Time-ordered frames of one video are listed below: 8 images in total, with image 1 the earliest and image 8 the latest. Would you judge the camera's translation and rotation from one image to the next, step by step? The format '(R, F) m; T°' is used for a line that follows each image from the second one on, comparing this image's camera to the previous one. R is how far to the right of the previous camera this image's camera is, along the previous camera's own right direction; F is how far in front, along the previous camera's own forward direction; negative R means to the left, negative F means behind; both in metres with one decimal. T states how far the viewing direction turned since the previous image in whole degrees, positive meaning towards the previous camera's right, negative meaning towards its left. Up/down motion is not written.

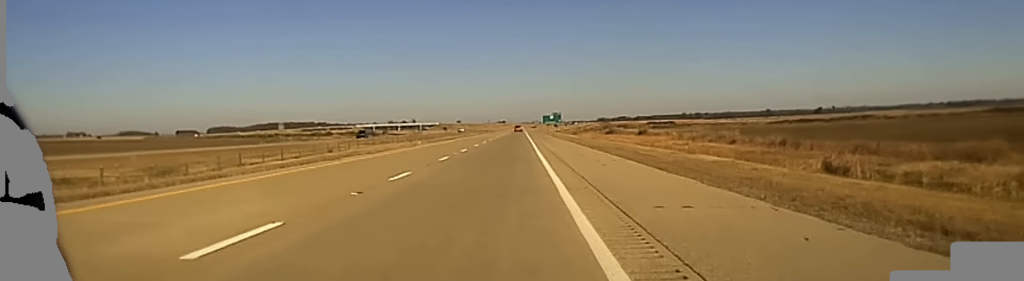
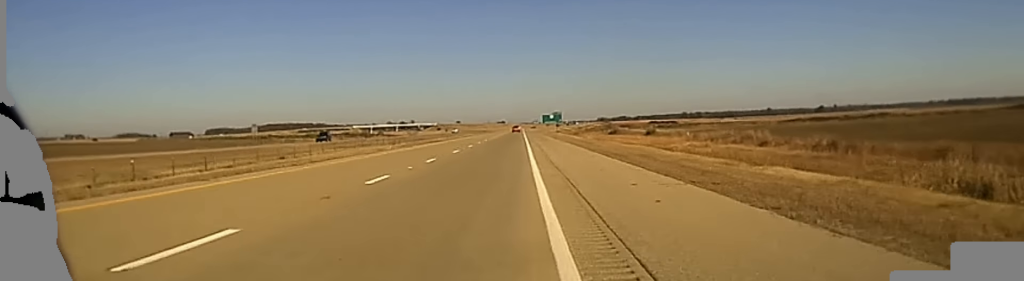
(+0.1, +12.7) m; 0°
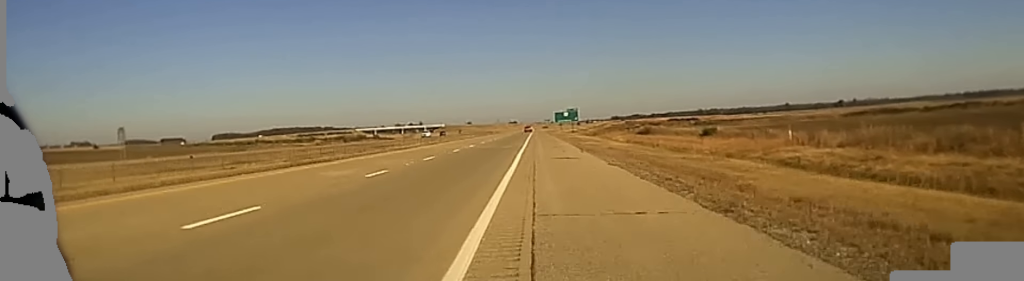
(-0.3, +48.1) m; -1°
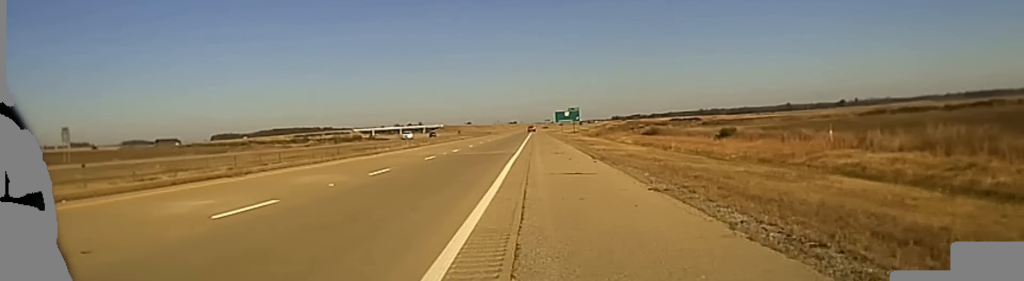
(-0.1, +11.7) m; 0°
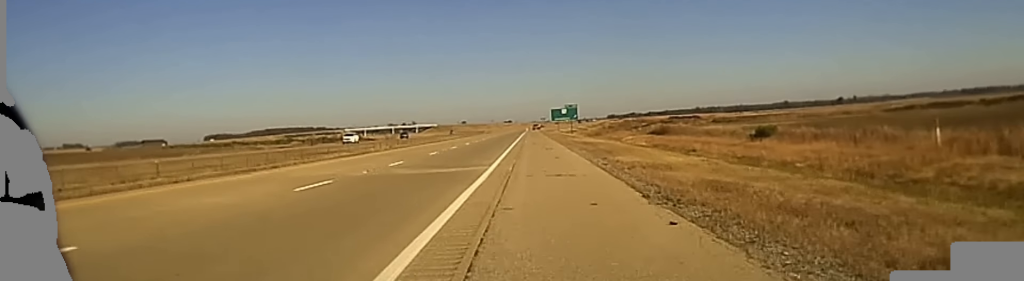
(+0.2, +19.2) m; 0°
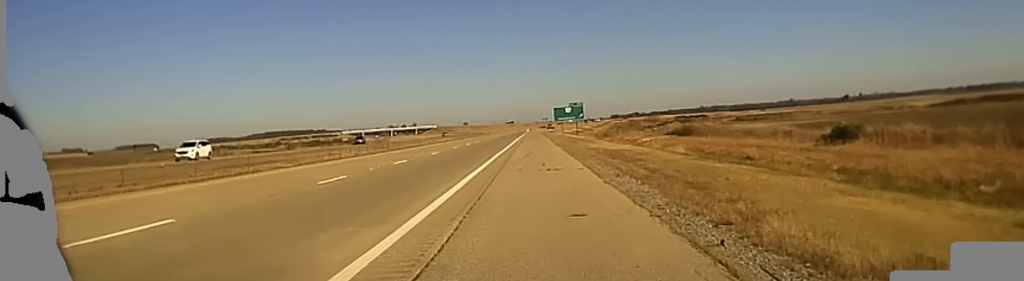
(-0.2, +21.8) m; 0°
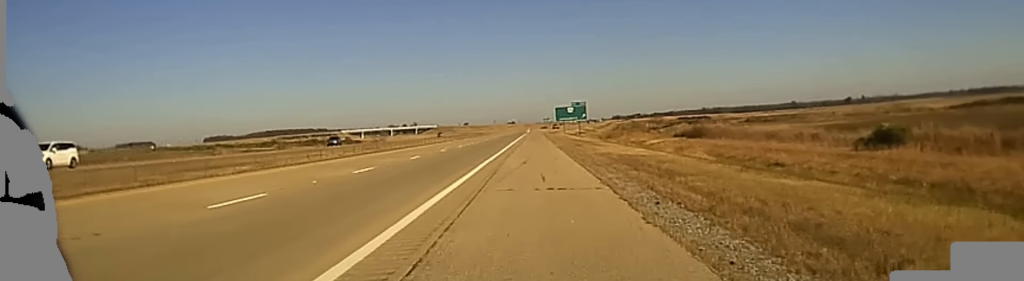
(+0.1, +7.1) m; 0°
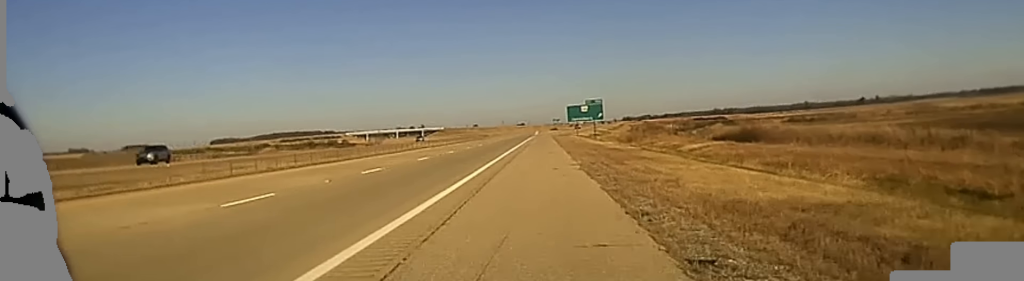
(-0.2, +24.4) m; -1°

## WORK TO BE COMPLETED
Retype all the entries word for word; the pictures stay out.

## RESULT OF THIS TASK
Time-ordered frames of one video are listed below: 8 images in total, with image 1 the earliest and image 8 the latest. Would you judge the camera's translation and rotation from one image to the next, step by step? The format '(R, F) m; T°' is used for a line that follows each image from the second one on, comparing this image's camera to the previous one. R is how far to the right of the previous camera this image's camera is, along the previous camera's own right direction; F is how far in front, along the previous camera's own forward direction; negative R means to the left, negative F means behind; both in metres with one decimal. T states how far the viewing direction turned since the previous image in whole degrees, positive meaning towards the previous camera's right, negative meaning towards its left. Up/down motion is not written.

(+0.1, +12.7) m; 0°
(-0.3, +48.1) m; -1°
(-0.1, +11.7) m; 0°
(+0.2, +19.2) m; 0°
(-0.2, +21.8) m; 0°
(+0.1, +7.1) m; 0°
(-0.2, +24.4) m; -1°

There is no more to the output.